PROMPT -
Return a faithful copy of all the entries, omitting the images.

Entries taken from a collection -

——————————

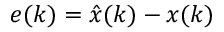
e ( k ) = { \hat { x } } ( k ) - x ( k )
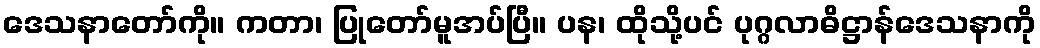
ဒေသနာတော်ကို။ ကတာ၊ ပြုတော်မူအပ်ပြီ။ ပန၊ ထိုသို့ပင် ပုဂ္ဂလာဓိဋ္ဌာန်ဒေသနာကို
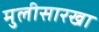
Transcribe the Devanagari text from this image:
मुलीसारखा
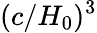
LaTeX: (c/H_{0})^{3}
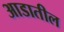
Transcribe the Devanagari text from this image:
आडातील
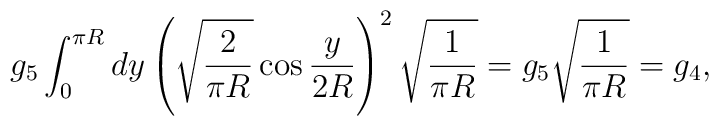
g_{5} \int_{0}^{\pi R}dy     \left(\sqrt{\frac{2}{\pi R}} \cos \frac{y}{2R} \right)^{2}    \sqrt{\frac{1}{\pi R}}    = g_{5} \sqrt{\frac{1}{\pi R}} = g_{4},
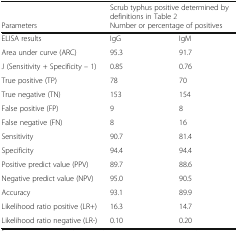
<table><thead><tr><td></td><td colspan="2"><b>Scrub typhus positive determined by definitions in Table 2</b></td></tr><tr><td><b>Parameters</b></td><td colspan="2"><b>Number or percentage of positives</b></td></tr></thead><tbody><tr><td>ELISA results</td><td>IgG</td><td>IgM</td></tr><tr><td>Area under curve (ARC)</td><td>95.3</td><td>91.7</td></tr><tr><td>J (Sensitivity + Specificity – 1)</td><td>0.85</td><td>0.76</td></tr><tr><td>True positive (TP)</td><td>78</td><td>70</td></tr><tr><td>True negative (TN)</td><td>153</td><td>154</td></tr><tr><td>False positive (FP)</td><td>9</td><td>8</td></tr><tr><td>False negative (FN)</td><td>8</td><td>16</td></tr><tr><td>Sensitivity</td><td>90.7</td><td>81.4</td></tr><tr><td>Specificity</td><td>94.4</td><td>94.4</td></tr><tr><td>Positive predict value (PPV)</td><td>89.7</td><td>88.6</td></tr><tr><td>Negative predict value (NPV)</td><td>95.0</td><td>90.5</td></tr><tr><td>Accuracy</td><td>93.1</td><td>89.9</td></tr><tr><td>Likelihood ratio positive (LR+)</td><td>16.3</td><td>14.7</td></tr><tr><td>Likelihood ratio negative (LR-)</td><td>0.10</td><td>0.20</td></tr></tbody></table>
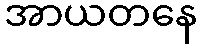
အာယတနေ
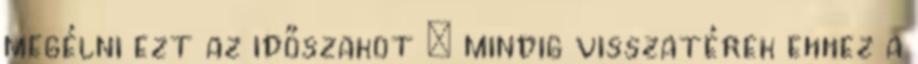
megélni ezt az időszakot – mindig visszatérek ehhez a
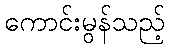
ကောင်းမွန်သည့်
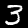
Label: 3
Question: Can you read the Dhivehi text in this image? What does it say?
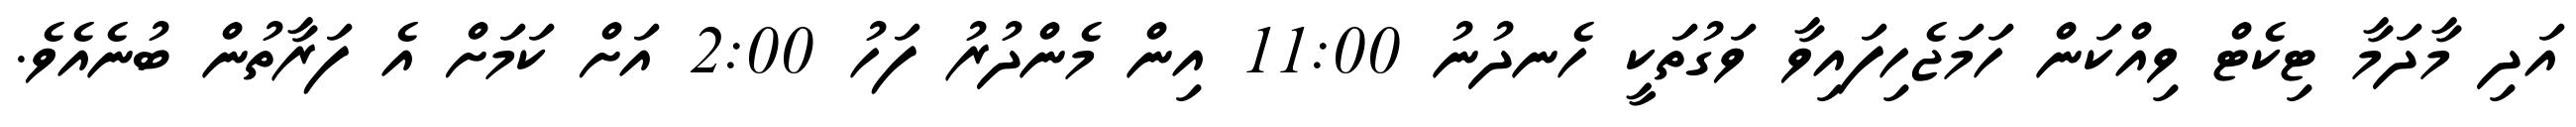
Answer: އަދި މާދަމާ ޓިކެޓް ވިއްކަން ހަމަޖެހިފައިވާ ވަގުތަކީ ހެނދުނު 11:00 އިން މެންދުރު ފަހު 2:00 އަށް ކަމަށް އެ ފަރާތުން ބުނެއެވެ.
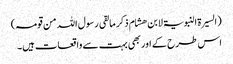
(السیرۃ النبویۃ لابن ھشام ذکر ما لقی رسول اللہ من قومہ)
اس طرح کے اور بھی بہت سے واقعات ہیں۔
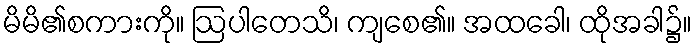
မိမိ၏စကားကို။ ဩပါတေသိ၊ ကျစေ၏။ အထခေါ၊ ထိုအခါ၌။
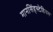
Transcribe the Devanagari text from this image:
मानसिंहस्टेडियम
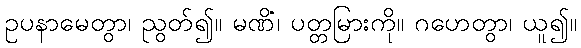
ဥပနာမေတွာ၊ ညွတ်၍။ မဏိံ၊ ပတ္တမြားကို။ ဂဟေတွာ၊ ယူ၍။
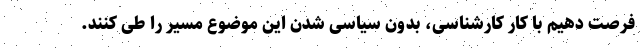
فرصت دهیم با کار کارشناسی، بدون سیاسی شدن این موضوع مسیر را طی کنند.
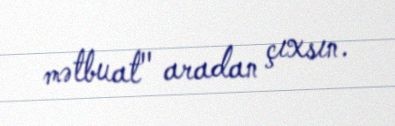
mətbuat" aradan çıxsın.
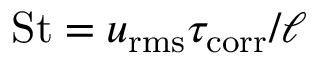
\mathrm { S t } = u _ { \mathrm { r m s } } \tau _ { \mathrm { c o r r } } / \ell
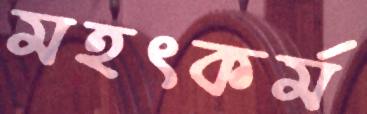
মহৎকর্ম
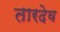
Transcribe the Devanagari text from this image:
तारदेव
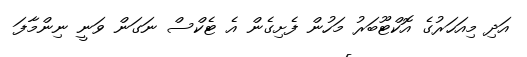
އަދި މިއަހަރުގެ އޮކްޓޫބަރު މަހުން ފެށިގެން އެ ޓެކްސް ނަގަން ވަނީ ނިންމާފަ
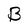
Character: B
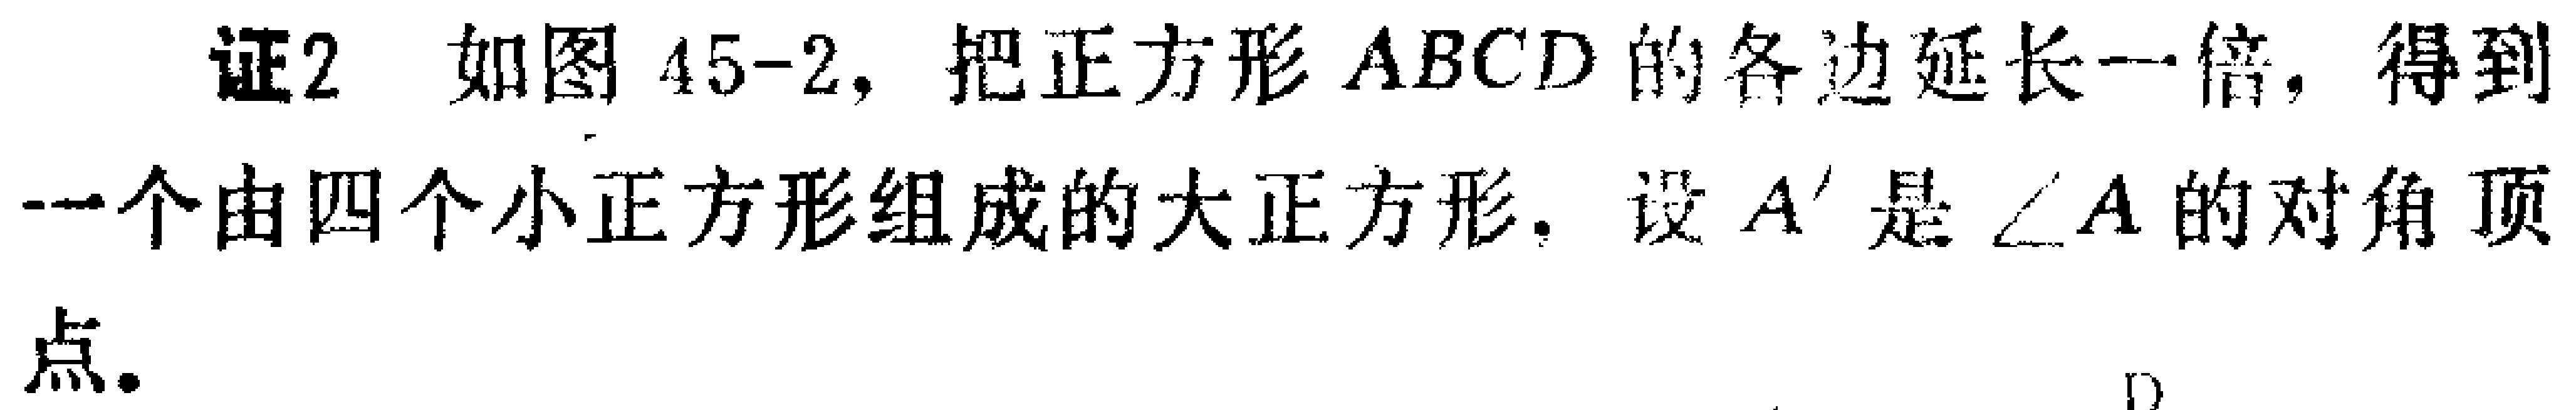
证2 如图45-2，把正方形 \(ABCD\) 的各边延长一倍，得到一个由四个小正方形组成的大正方形. 设 \(A'\) 是 \(\angle A\) 的对角顶点.
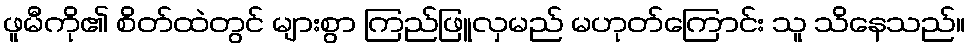
ဖူမီကို၏ စိတ်ထဲတွင် များစွာ ကြည်ဖြူလှမည် မဟုတ်ကြောင်း သူ သိနေသည်။
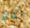
نكاد
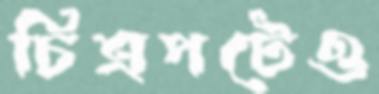
চিত্রপটেও
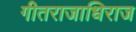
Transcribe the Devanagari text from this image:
गीतराजाधिराज
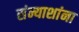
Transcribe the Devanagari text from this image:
संन्याशांना
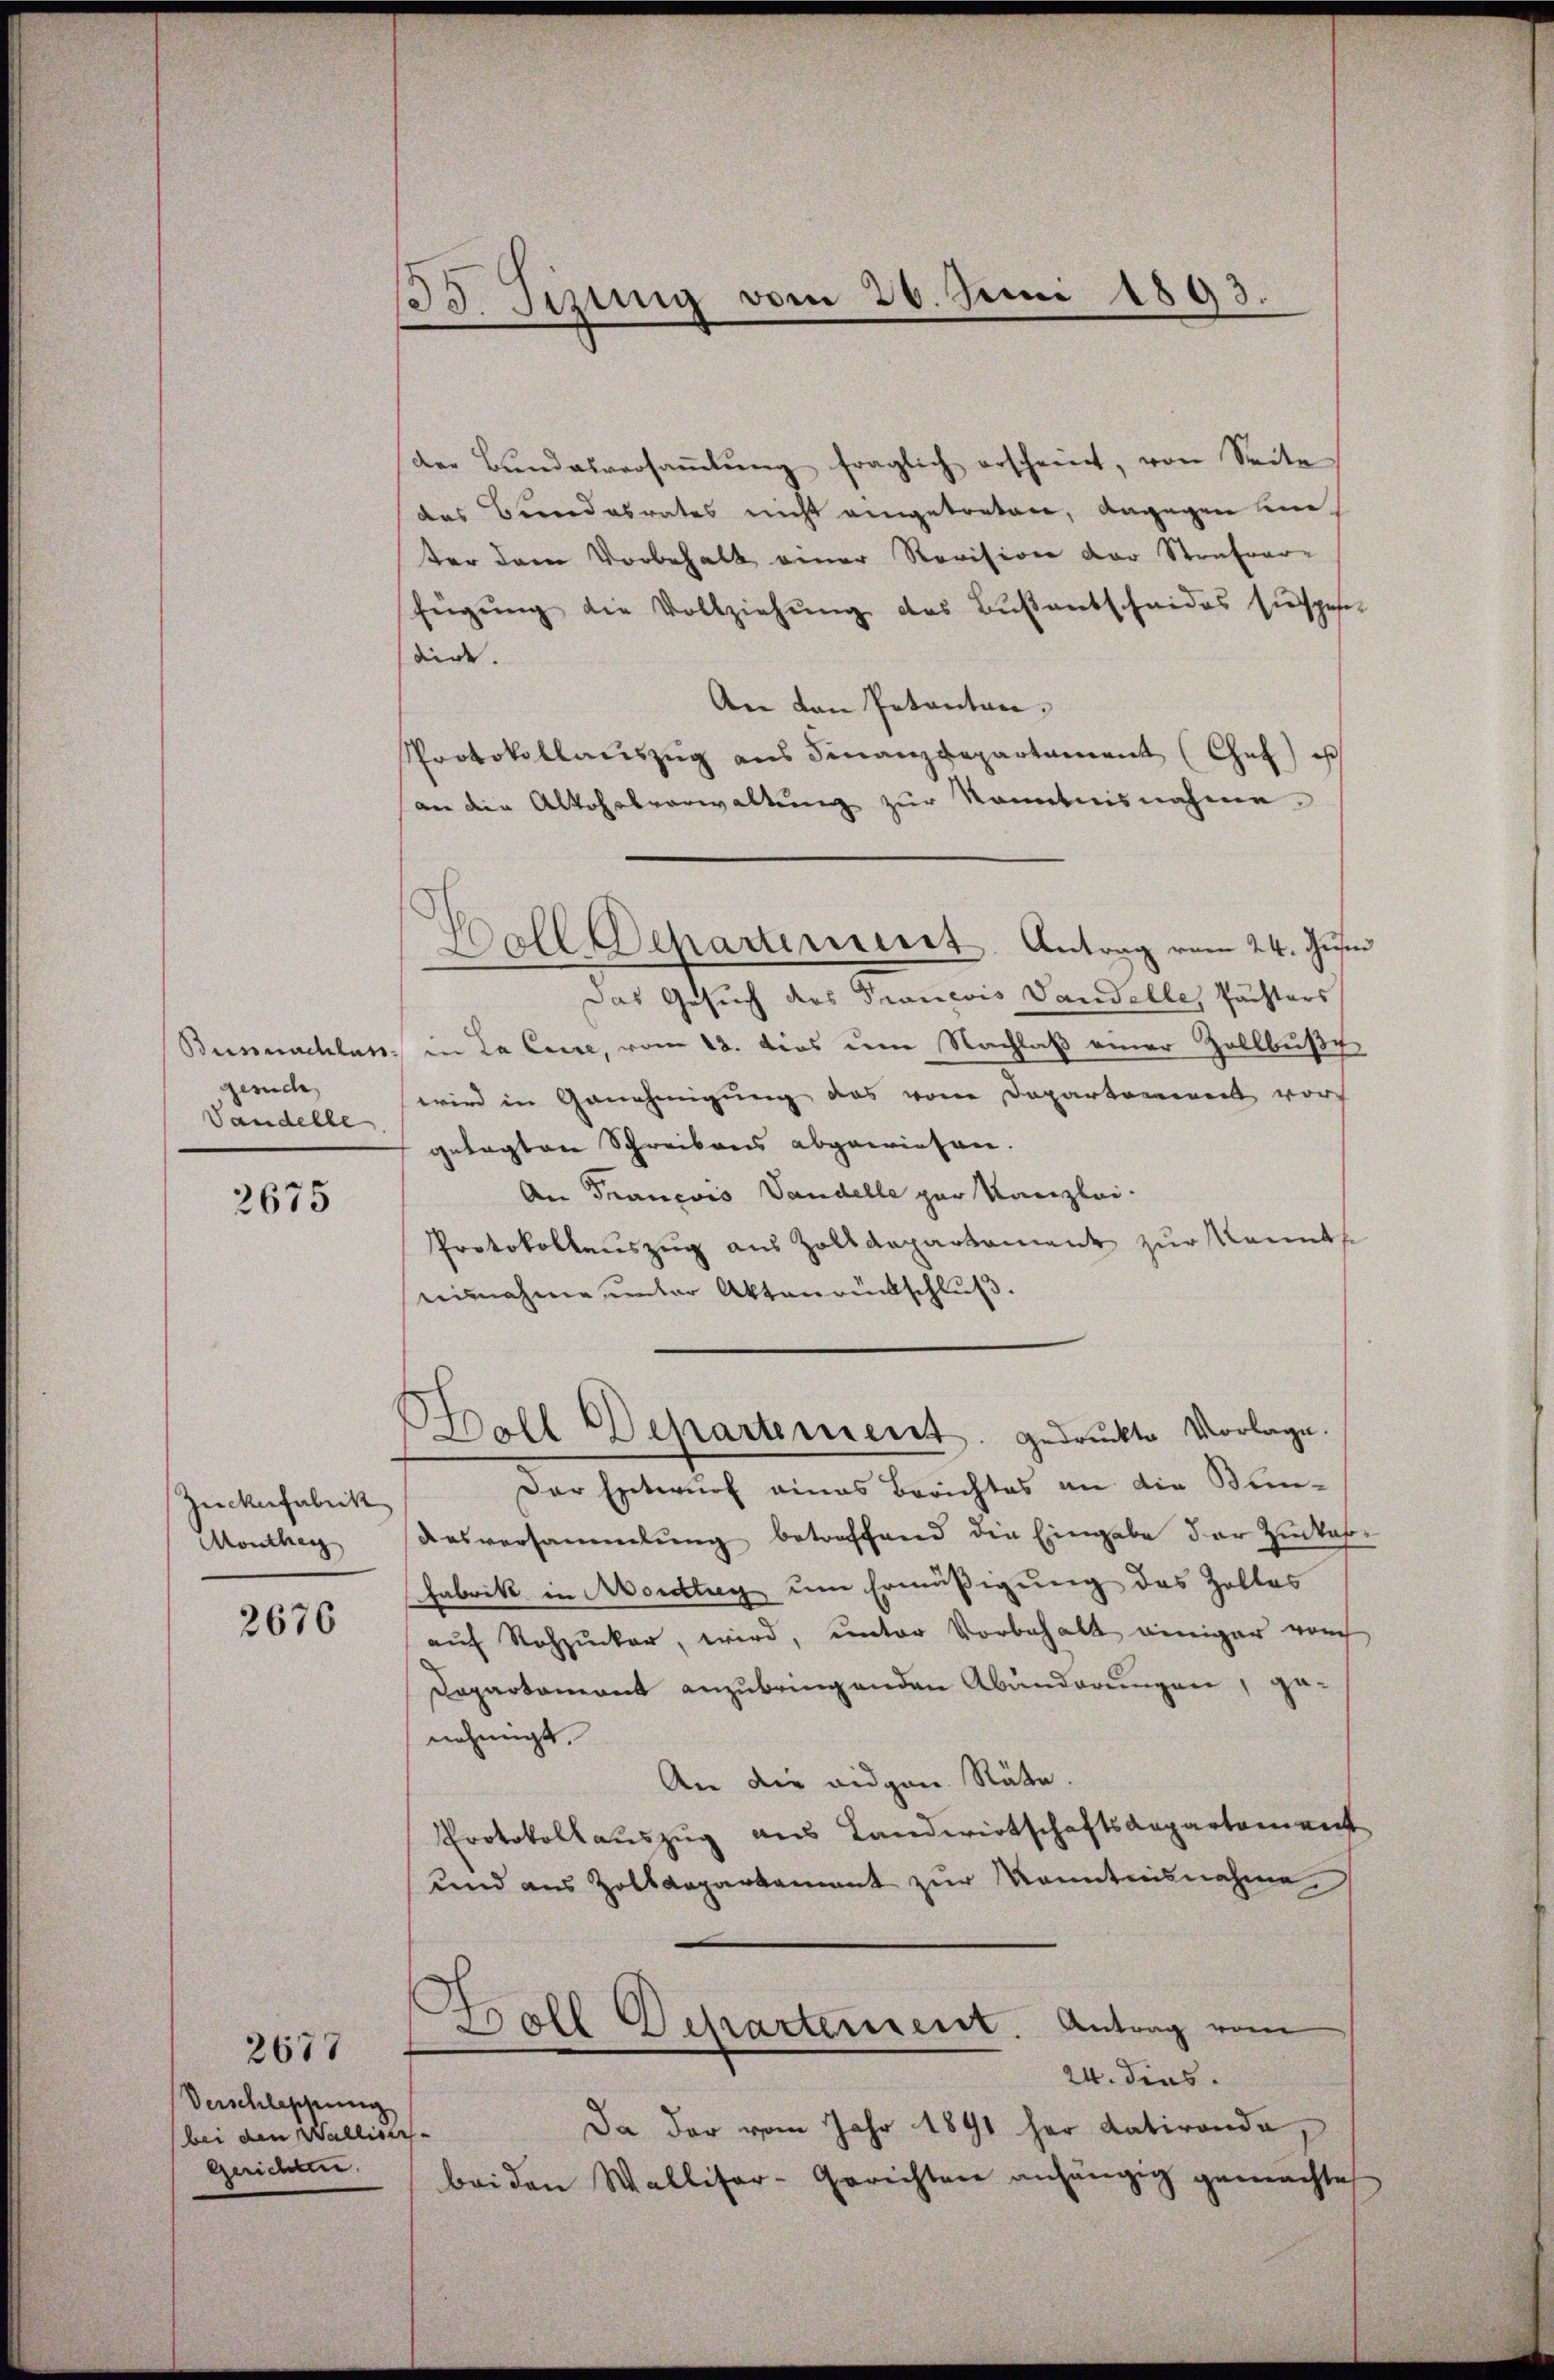
gesuche,
Vandelle

2675

Zuckerfabrik
Monthey

2676

Verschleppung
bei den Walliser-
gerichten.

2677

33. Fizung vom 26. Juni 1893.

der Bŭndesversaṁlŭng fraglich erscheint, von Seite
das Cerndesrates nicht eingetreten, dagegen lieter dem Vorbehalt einer Revision der Strafver-
fügŭng die Vollziehŭng des Bŭβantscheides sie spesen
dirt.
An den Petenten,
Protokollauszug aus Finanzdepartament Chef ist
an die Altohelverwaltŭng zŭr Kenntnisnahme.
Das Gesuch des Trancois Landelle, Pächters
Bunnachlass in La Cere, vom 12. dies um Nachlaß einer Zollbuße
wird in Genehmigung das vom Departement wor
gelegten Schreibens abgewiesen.
An Francois Vandelle par Kanzlei-
Protokollauszug aus Zolldepartament zur kanntse
einnahme unter Aktenrückschluß.
Hall Departement. gedruckte Vorlage.
Der Entwurf eines Berichtes an die Bun¬
Aasversammlung betreffend die Eingabe der Zinkas-
Fabrik in Mordtag um Ermäßigung des Zolles
aŭf Rohzucker, wird, unter Vorbehalt einiger von
Departement anzubringenden Abänderungen, genehmigt.
An die eidgen. Räte.
Protokollauszug aus Landwirtschaftsaepartement
und aus Zolldeparkament zur Kenntnisnahme
e
Boll Departement. Antrag vom
24. dies.
Da der vom Jahr 1891 her datirende,
beiden Walliser-Gerichten anhängig gemachtes

Hall Departement. Antrag vom 24. Jus
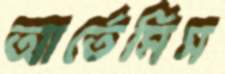
আর্তেমিস

——————————

RESULT -
e ( k ) = { \hat { x } } ( k ) - x ( k )
ဒေသနာတော်ကို။ ကတာ၊ ပြုတော်မူအပ်ပြီ။ ပန၊ ထိုသို့ပင် ပုဂ္ဂလာဓိဋ္ဌာန်ဒေသနာကို
Transcribe the Devanagari text from this image:
मुलीसारखा
LaTeX: (c/H_{0})^{3}
Transcribe the Devanagari text from this image:
आडातील
g_{5} \int_{0}^{\pi R}dy     \left(\sqrt{\frac{2}{\pi R}} \cos \frac{y}{2R} \right)^{2}    \sqrt{\frac{1}{\pi R}}    = g_{5} \sqrt{\frac{1}{\pi R}} = g_{4},
<table><thead><tr><td></td><td colspan="2"><b>Scrub typhus positive determined by definitions in Table 2</b></td></tr><tr><td><b>Parameters</b></td><td colspan="2"><b>Number or percentage of positives</b></td></tr></thead><tbody><tr><td>ELISA results</td><td>IgG</td><td>IgM</td></tr><tr><td>Area under curve (ARC)</td><td>95.3</td><td>91.7</td></tr><tr><td>J (Sensitivity + Specificity – 1)</td><td>0.85</td><td>0.76</td></tr><tr><td>True positive (TP)</td><td>78</td><td>70</td></tr><tr><td>True negative (TN)</td><td>153</td><td>154</td></tr><tr><td>False positive (FP)</td><td>9</td><td>8</td></tr><tr><td>False negative (FN)</td><td>8</td><td>16</td></tr><tr><td>Sensitivity</td><td>90.7</td><td>81.4</td></tr><tr><td>Specificity</td><td>94.4</td><td>94.4</td></tr><tr><td>Positive predict value (PPV)</td><td>89.7</td><td>88.6</td></tr><tr><td>Negative predict value (NPV)</td><td>95.0</td><td>90.5</td></tr><tr><td>Accuracy</td><td>93.1</td><td>89.9</td></tr><tr><td>Likelihood ratio positive (LR+)</td><td>16.3</td><td>14.7</td></tr><tr><td>Likelihood ratio negative (LR-)</td><td>0.10</td><td>0.20</td></tr></tbody></table>
အာယတနေ
megélni ezt az időszakot – mindig visszatérek ehhez a
ကောင်းမွန်သည့်
Label: 3
Question: Can you read the Dhivehi text in this image? What does it say?
Answer: އަދި މާދަމާ ޓިކެޓް ވިއްކަން ހަމަޖެހިފައިވާ ވަގުތަކީ ހެނދުނު 11:00 އިން މެންދުރު ފަހު 2:00 އަށް ކަމަށް އެ ފަރާތުން ބުނެއެވެ.
(السیرۃ النبویۃ لابن ھشام ذکر ما لقی رسول اللہ من قومہ)
اس طرح کے اور بھی بہت سے واقعات ہیں۔
မိမိ၏စကားကို။ ဩပါတေသိ၊ ကျစေ၏။ အထခေါ၊ ထိုအခါ၌။
Transcribe the Devanagari text from this image:
मानसिंहस्टेडियम
ဥပနာမေတွာ၊ ညွတ်၍။ မဏိံ၊ ပတ္တမြားကို။ ဂဟေတွာ၊ ယူ၍။
فرصت دهیم با کار کارشناسی، بدون سیاسی شدن این موضوع مسیر را طی کنند.
mətbuat" aradan çıxsın.
\mathrm { S t } = u _ { \mathrm { r m s } } \tau _ { \mathrm { c o r r } } / \ell
মহৎকর্ম
Transcribe the Devanagari text from this image:
तारदेव
އަދި މިއަހަރުގެ އޮކްޓޫބަރު މަހުން ފެށިގެން އެ ޓެކްސް ނަގަން ވަނީ ނިންމާފަ
Character: B
证2 如图45-2，把正方形 \(ABCD\) 的各边延长一倍，得到一个由四个小正方形组成的大正方形. 设 \(A'\) 是 \(\angle A\) 的对角顶点.
ဖူမီကို၏ စိတ်ထဲတွင် များစွာ ကြည်ဖြူလှမည် မဟုတ်ကြောင်း သူ သိနေသည်။
نكاد
চিত্রপটেও
Transcribe the Devanagari text from this image:
गीतराजाधिराज
Transcribe the Devanagari text from this image:
संन्याशांना
gesuche,
Vandelle

2675

Zuckerfabrik
Monthey

2676

Verschleppung
bei den Walliser-
gerichten.

2677

33. Fizung vom 26. Juni 1893.

der Bŭndesversaṁlŭng fraglich erscheint, von Seite
das Cerndesrates nicht eingetreten, dagegen lieter dem Vorbehalt einer Revision der Strafver-
fügŭng die Vollziehŭng des Bŭβantscheides sie spesen
dirt.
An den Petenten,
Protokollauszug aus Finanzdepartament Chef ist
an die Altohelverwaltŭng zŭr Kenntnisnahme.
Das Gesuch des Trancois Landelle, Pächters
Bunnachlass in La Cere, vom 12. dies um Nachlaß einer Zollbuße
wird in Genehmigung das vom Departement wor
gelegten Schreibens abgewiesen.
An Francois Vandelle par Kanzlei-
Protokollauszug aus Zolldepartament zur kanntse
einnahme unter Aktenrückschluß.
Hall Departement. gedruckte Vorlage.
Der Entwurf eines Berichtes an die Bun¬
Aasversammlung betreffend die Eingabe der Zinkas-
Fabrik in Mordtag um Ermäßigung des Zolles
aŭf Rohzucker, wird, unter Vorbehalt einiger von
Departement anzubringenden Abänderungen, genehmigt.
An die eidgen. Räte.
Protokollauszug aus Landwirtschaftsaepartement
und aus Zolldeparkament zur Kenntnisnahme
e
Boll Departement. Antrag vom
24. dies.
Da der vom Jahr 1891 her datirende,
beiden Walliser-Gerichten anhängig gemachtes

Hall Departement. Antrag vom 24. Jus
আর্তেমিস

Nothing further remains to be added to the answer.